Her elaborate hat nodded drunkenly on her head, and all the dust of the long road could not make her clothes at home in the center of the wide circle of dumb and forsaken land in which she sat, surrendered to her weariness, but never relaxing her hold on her money. Not once since their setting out had she loosed her grip on that, save when she changed the burden of it from one hand to the other. Her faith was in the worth and power of that double handful of sovereigns, and she would have felt poorer on a desert island by the loss of a single one of them.
"I 've been patient with you," Boy Bailey said, looking at her fixedly. "I 've been very patient with you. But it 's about time there was an end of this two-steps-and-a-squat business. There 's no knowing what minute that husband of yours might come ridin' up with his gun."
"I 'll be--all right--soon," she said. "Give me a half hour, Bailey."
"Take your own time," he replied. "Take all the time there is. Only--I 'm goin' on."
She opened her eyes at that and blinked at him in an effort to see him through the hot mist that stood before them.
"Goin'--to leave me?"
"Yes," he said. "What d' you think?"
Her look, her parted lips and all her accusing helplessness were before his eyes; he looked past them and shuffled. To the weak man, weakness is horrible.
"I warned you about comin'," he said, seeking the support of reasonable words as such men do. "You 've got yourself to blame, and I don't see why I should stop here to be shot by a man that grudged me a bite and a bed. It isn't as if I 'd asked you to come."
"I 'll be better soon," was all she could say, still holding him with that look of a wounded animal, the reproach that neither threatens nor defies and is beyond all answer.

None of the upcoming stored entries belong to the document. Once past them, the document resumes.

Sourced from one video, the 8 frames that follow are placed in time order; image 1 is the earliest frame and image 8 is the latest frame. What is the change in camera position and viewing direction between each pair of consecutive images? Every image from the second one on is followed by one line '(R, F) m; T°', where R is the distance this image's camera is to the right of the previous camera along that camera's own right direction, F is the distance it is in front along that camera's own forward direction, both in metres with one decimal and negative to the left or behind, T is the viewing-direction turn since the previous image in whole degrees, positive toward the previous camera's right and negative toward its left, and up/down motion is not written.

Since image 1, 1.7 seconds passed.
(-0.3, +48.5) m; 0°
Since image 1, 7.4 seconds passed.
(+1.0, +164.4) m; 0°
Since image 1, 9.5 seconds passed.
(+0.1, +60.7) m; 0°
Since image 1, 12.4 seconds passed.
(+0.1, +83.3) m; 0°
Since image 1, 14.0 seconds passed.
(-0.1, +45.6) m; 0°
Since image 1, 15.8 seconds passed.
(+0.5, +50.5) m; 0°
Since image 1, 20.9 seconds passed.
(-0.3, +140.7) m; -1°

"Better soon," he grumbled scornfully, and fidgeted. Her hand never left the little bundle. Would she struggle much, he was thinking. He could take it from her, of course, but he did n't want her to scream, even in that earless solitude. The thought of her screams made him uneasy. She might go on crying out even when he had torn the bundle from her and the cries would follow at his back as he carried it off, and he would know that she was still crying when he had passed out of hearing.

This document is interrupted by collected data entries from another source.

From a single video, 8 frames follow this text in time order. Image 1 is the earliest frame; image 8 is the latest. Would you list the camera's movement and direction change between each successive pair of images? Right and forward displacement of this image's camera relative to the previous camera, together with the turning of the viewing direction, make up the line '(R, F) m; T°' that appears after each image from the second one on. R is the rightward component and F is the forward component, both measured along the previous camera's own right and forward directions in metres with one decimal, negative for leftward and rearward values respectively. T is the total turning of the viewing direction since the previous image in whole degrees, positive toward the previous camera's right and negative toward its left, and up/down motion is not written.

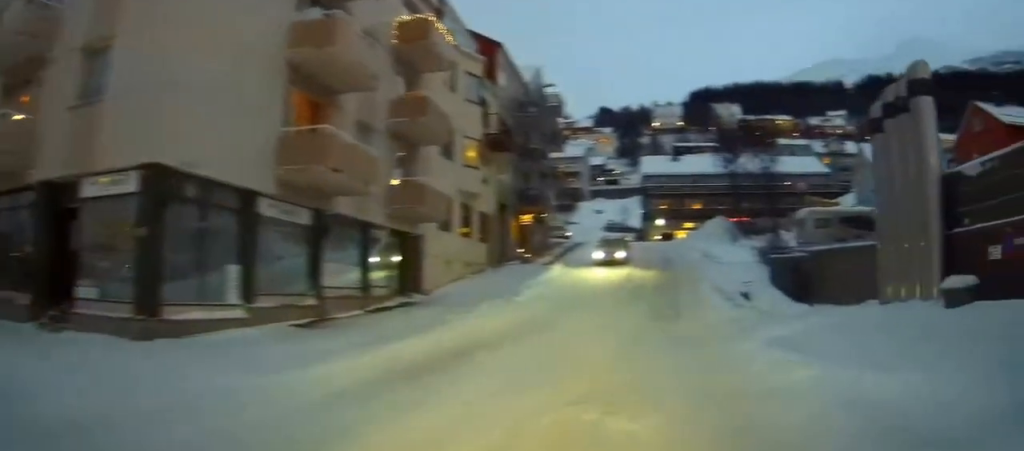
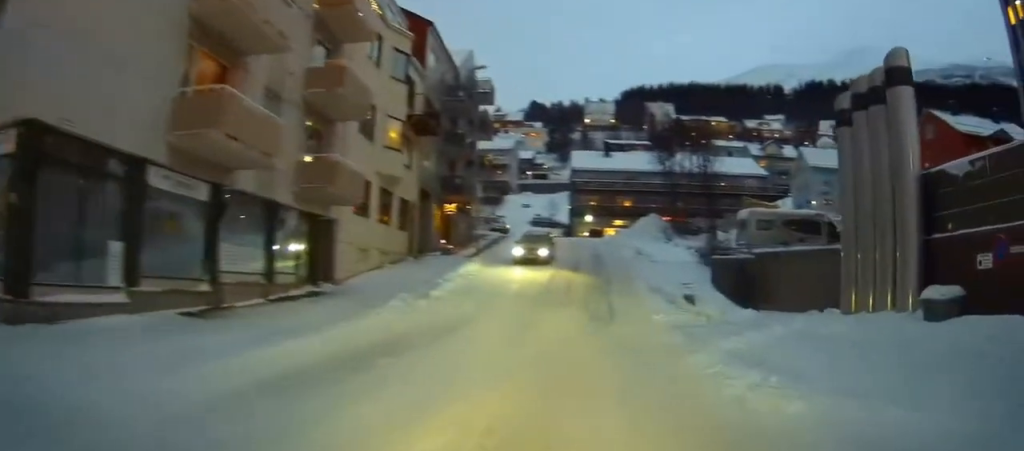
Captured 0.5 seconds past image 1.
(+0.1, +2.1) m; +3°
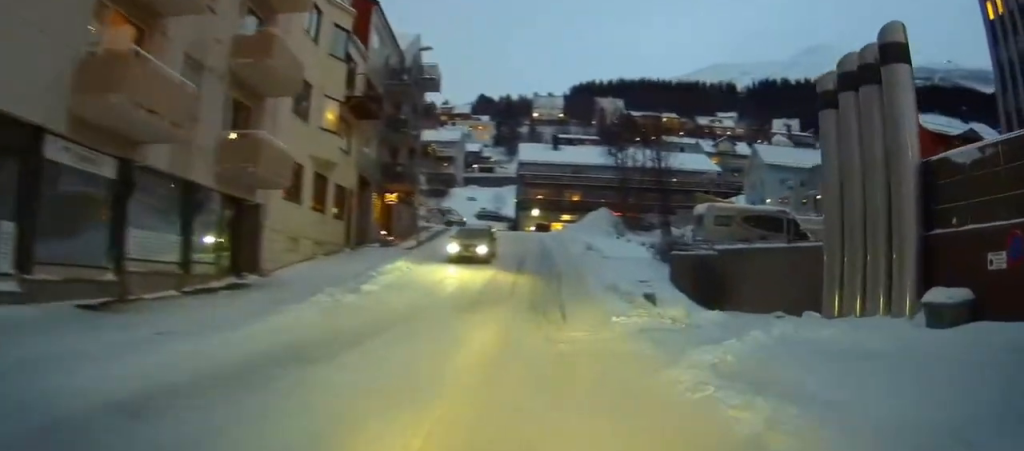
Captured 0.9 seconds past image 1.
(0.0, +2.2) m; +1°
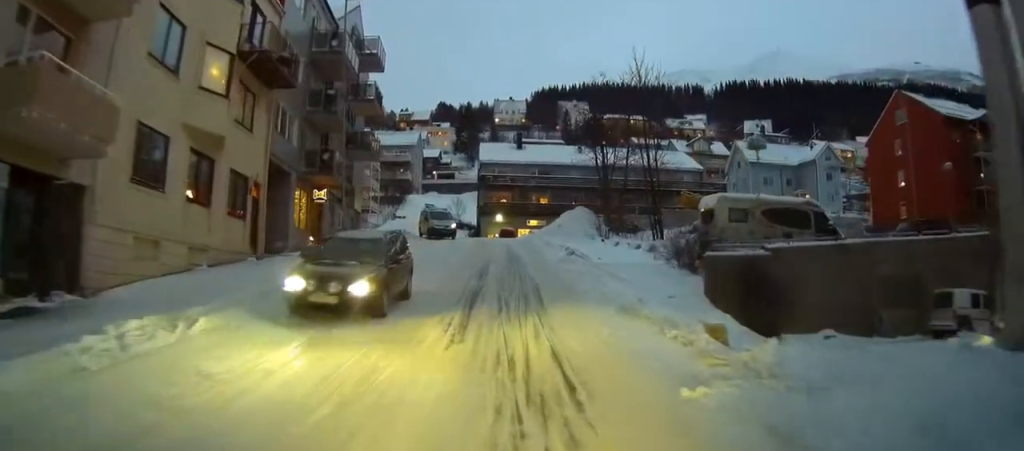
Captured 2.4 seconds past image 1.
(+0.2, +8.1) m; +2°
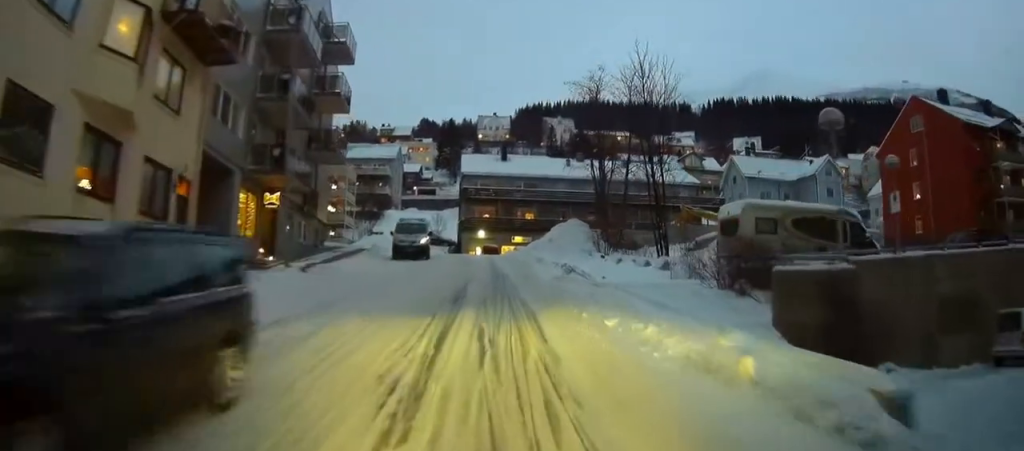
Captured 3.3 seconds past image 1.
(0.0, +4.9) m; +1°
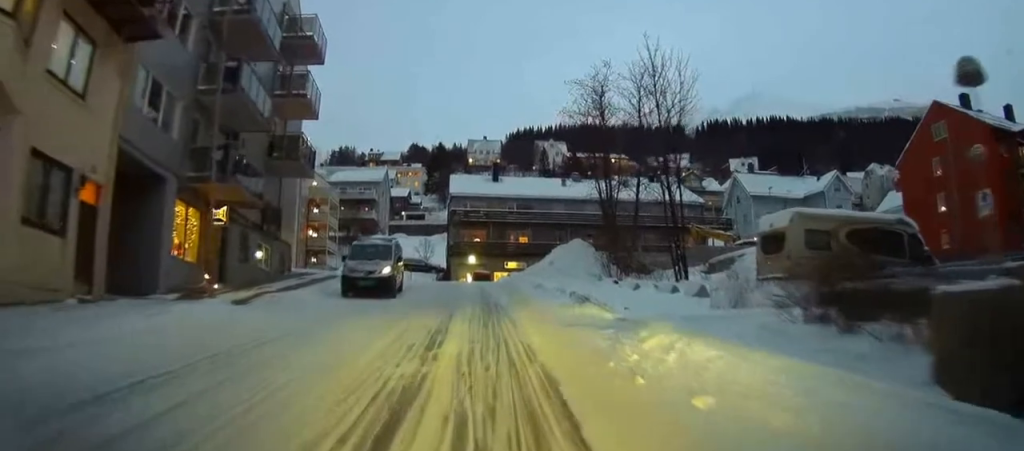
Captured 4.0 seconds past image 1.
(0.0, +4.9) m; -1°
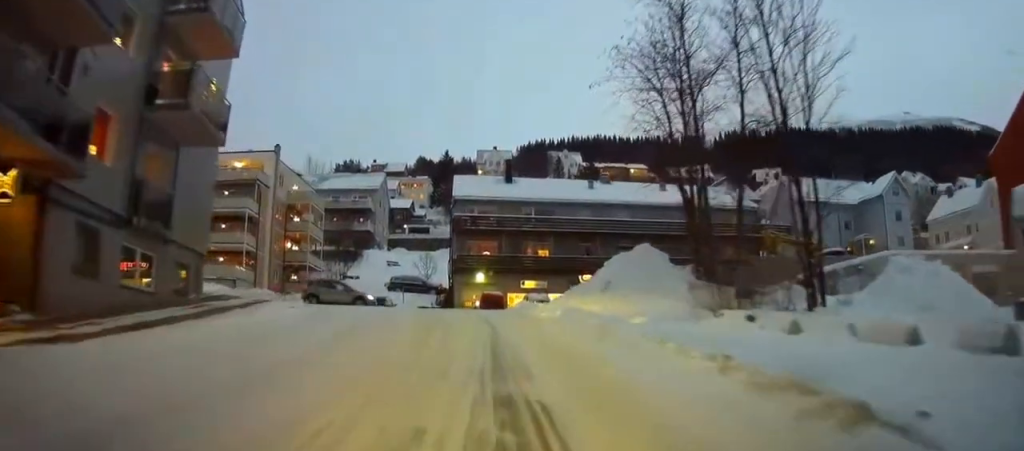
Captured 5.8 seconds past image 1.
(-0.5, +12.6) m; -2°
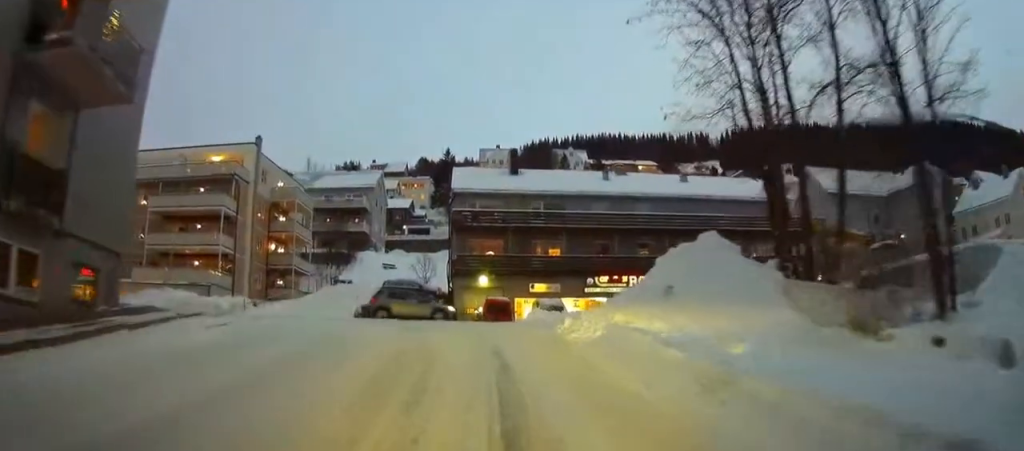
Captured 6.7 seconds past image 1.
(+0.1, +6.3) m; +1°

Still--a kick, perhaps. Boy Bailey looked at her bowed body and at the toe of his shoe. He began to breathe short and to tremble. It was necessary to wait a moment and let energy accumulate for the deed.
"Don't--go off," gasped Mrs. du Preez, with her face bent over her knees, and Bailey relaxed. The words had snapped the tension of his resolve, and it would have to be keyed up again.
"Give me that bundle," he said hoarsely. "Give it to me, or else--"
She sat up with an effort and he stopped in the middle of his threat. He was pale now and trembling strongly. She drew the bundle closer to her defensively.
"No," she answered. "I won't."
"Give it here," he croaked, from a dry throat. "Come on--God! I'll--"
The moment of resolution had come to him, and for the instant he was fit and strong enough to do murder. He plunged forward with his lower lip sucked in and his ragged teeth showing in a line above his chin, and all his loose and fearful face contorted into a maniac rage. The woman fell over sideways with a strident cry, her bundle hugged to her breast. Boy Bailey gasped and flung back his foot for the swinging kick that would save him from the noise of her complainings.
He kicked, blind to all but the woman on the ground, alone with her in a narrow theater of bestial purpose and sweating terrors. He neither heard nor saw the quick spring of the waiting Kafir, who charged him with a shoulder, football fashion, while the kick still traveled in the air and pitched him aside to fall brutally on his ear and elbow. He tumbled and slid upon the dust with the unresisting lifelessness of a sack of flour and lay, making noises in his throat and moving his head feebly, till the world grew visible again and he could see.
The Kafir stood above Mrs. du Preez, who lay where she had thrown herself, and stared up at him with eyes in which the understanding was stagnant.